Each entry, in full: reproduce it exactly.

Data records:
—————

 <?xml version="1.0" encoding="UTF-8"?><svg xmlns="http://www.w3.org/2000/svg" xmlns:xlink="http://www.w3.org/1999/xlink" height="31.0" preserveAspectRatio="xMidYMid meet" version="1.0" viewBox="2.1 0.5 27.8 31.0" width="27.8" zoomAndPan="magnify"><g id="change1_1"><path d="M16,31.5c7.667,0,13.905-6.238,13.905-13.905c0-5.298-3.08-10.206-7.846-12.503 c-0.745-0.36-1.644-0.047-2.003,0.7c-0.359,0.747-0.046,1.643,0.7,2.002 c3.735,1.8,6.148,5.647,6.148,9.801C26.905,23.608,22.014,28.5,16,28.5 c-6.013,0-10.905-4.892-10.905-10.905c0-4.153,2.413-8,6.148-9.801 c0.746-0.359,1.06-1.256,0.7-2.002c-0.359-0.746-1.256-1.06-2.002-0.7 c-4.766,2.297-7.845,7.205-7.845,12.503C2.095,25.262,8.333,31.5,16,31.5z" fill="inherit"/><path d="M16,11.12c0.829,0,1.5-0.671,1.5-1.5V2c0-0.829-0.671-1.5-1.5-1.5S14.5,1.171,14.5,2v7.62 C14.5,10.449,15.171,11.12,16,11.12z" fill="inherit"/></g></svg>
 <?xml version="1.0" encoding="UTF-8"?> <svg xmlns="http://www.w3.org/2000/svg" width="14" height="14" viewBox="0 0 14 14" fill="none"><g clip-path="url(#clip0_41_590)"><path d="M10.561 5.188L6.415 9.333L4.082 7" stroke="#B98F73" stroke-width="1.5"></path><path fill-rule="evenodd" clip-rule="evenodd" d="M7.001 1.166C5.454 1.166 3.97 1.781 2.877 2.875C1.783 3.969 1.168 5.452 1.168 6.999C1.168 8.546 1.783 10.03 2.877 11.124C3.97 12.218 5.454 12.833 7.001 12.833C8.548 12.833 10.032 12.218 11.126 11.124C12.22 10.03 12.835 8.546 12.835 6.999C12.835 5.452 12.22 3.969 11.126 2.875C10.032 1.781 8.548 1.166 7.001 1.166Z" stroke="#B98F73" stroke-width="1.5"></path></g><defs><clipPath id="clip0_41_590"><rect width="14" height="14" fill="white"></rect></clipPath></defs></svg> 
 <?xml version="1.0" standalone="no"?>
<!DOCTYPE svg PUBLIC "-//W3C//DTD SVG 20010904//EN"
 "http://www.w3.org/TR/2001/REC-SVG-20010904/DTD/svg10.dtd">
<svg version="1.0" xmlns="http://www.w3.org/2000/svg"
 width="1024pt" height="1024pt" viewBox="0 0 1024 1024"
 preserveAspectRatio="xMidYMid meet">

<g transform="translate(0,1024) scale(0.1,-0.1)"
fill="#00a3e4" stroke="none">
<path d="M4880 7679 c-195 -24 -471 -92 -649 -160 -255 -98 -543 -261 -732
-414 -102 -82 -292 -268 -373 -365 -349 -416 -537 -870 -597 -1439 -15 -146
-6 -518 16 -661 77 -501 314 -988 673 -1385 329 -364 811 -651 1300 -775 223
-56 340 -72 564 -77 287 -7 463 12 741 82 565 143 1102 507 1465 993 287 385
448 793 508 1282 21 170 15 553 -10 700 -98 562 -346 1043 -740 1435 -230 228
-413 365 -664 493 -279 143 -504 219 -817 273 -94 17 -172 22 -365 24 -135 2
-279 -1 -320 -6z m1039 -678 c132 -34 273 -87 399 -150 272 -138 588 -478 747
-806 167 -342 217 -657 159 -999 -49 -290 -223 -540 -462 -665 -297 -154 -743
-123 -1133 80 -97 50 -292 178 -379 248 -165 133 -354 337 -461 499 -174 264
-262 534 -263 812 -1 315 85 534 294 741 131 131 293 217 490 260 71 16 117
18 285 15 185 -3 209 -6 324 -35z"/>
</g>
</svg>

—————

RESPONSE BELOW
 <?xml version="1.0" encoding="UTF-8"?><svg xmlns="http://www.w3.org/2000/svg" xmlns:xlink="http://www.w3.org/1999/xlink" height="31.0" preserveAspectRatio="xMidYMid meet" version="1.0" viewBox="2.1 0.5 27.8 31.0" width="27.8" zoomAndPan="magnify"><g id="change1_1"><path d="M16,31.5c7.667,0,13.905-6.238,13.905-13.905c0-5.298-3.08-10.206-7.846-12.503 c-0.745-0.36-1.644-0.047-2.003,0.7c-0.359,0.747-0.046,1.643,0.7,2.002 c3.735,1.8,6.148,5.647,6.148,9.801C26.905,23.608,22.014,28.5,16,28.5 c-6.013,0-10.905-4.892-10.905-10.905c0-4.153,2.413-8,6.148-9.801 c0.746-0.359,1.06-1.256,0.7-2.002c-0.359-0.746-1.256-1.06-2.002-0.7 c-4.766,2.297-7.845,7.205-7.845,12.503C2.095,25.262,8.333,31.5,16,31.5z" fill="inherit"/><path d="M16,11.12c0.829,0,1.5-0.671,1.5-1.5V2c0-0.829-0.671-1.5-1.5-1.5S14.5,1.171,14.5,2v7.62 C14.5,10.449,15.171,11.12,16,11.12z" fill="inherit"/></g></svg>
 <?xml version="1.0" encoding="UTF-8"?> <svg xmlns="http://www.w3.org/2000/svg" width="14" height="14" viewBox="0 0 14 14" fill="none"><g clip-path="url(#clip0_41_590)"><path d="M10.561 5.188L6.415 9.333L4.082 7" stroke="#B98F73" stroke-width="1.5"></path><path fill-rule="evenodd" clip-rule="evenodd" d="M7.001 1.166C5.454 1.166 3.97 1.781 2.877 2.875C1.783 3.969 1.168 5.452 1.168 6.999C1.168 8.546 1.783 10.03 2.877 11.124C3.97 12.218 5.454 12.833 7.001 12.833C8.548 12.833 10.032 12.218 11.126 11.124C12.22 10.03 12.835 8.546 12.835 6.999C12.835 5.452 12.22 3.969 11.126 2.875C10.032 1.781 8.548 1.166 7.001 1.166Z" stroke="#B98F73" stroke-width="1.5"></path></g><defs><clipPath id="clip0_41_590"><rect width="14" height="14" fill="white"></rect></clipPath></defs></svg> 
 <?xml version="1.0" standalone="no"?>
<!DOCTYPE svg PUBLIC "-//W3C//DTD SVG 20010904//EN"
 "http://www.w3.org/TR/2001/REC-SVG-20010904/DTD/svg10.dtd">
<svg version="1.0" xmlns="http://www.w3.org/2000/svg"
 width="1024pt" height="1024pt" viewBox="0 0 1024 1024"
 preserveAspectRatio="xMidYMid meet">

<g transform="translate(0,1024) scale(0.1,-0.1)"
fill="#00a3e4" stroke="none">
<path d="M4880 7679 c-195 -24 -471 -92 -649 -160 -255 -98 -543 -261 -732
-414 -102 -82 -292 -268 -373 -365 -349 -416 -537 -870 -597 -1439 -15 -146
-6 -518 16 -661 77 -501 314 -988 673 -1385 329 -364 811 -651 1300 -775 223
-56 340 -72 564 -77 287 -7 463 12 741 82 565 143 1102 507 1465 993 287 385
448 793 508 1282 21 170 15 553 -10 700 -98 562 -346 1043 -740 1435 -230 228
-413 365 -664 493 -279 143 -504 219 -817 273 -94 17 -172 22 -365 24 -135 2
-279 -1 -320 -6z m1039 -678 c132 -34 273 -87 399 -150 272 -138 588 -478 747
-806 167 -342 217 -657 159 -999 -49 -290 -223 -540 -462 -665 -297 -154 -743
-123 -1133 80 -97 50 -292 178 -379 248 -165 133 -354 337 -461 499 -174 264
-262 534 -263 812 -1 315 85 534 294 741 131 131 293 217 490 260 71 16 117
18 285 15 185 -3 209 -6 324 -35z"/>
</g>
</svg>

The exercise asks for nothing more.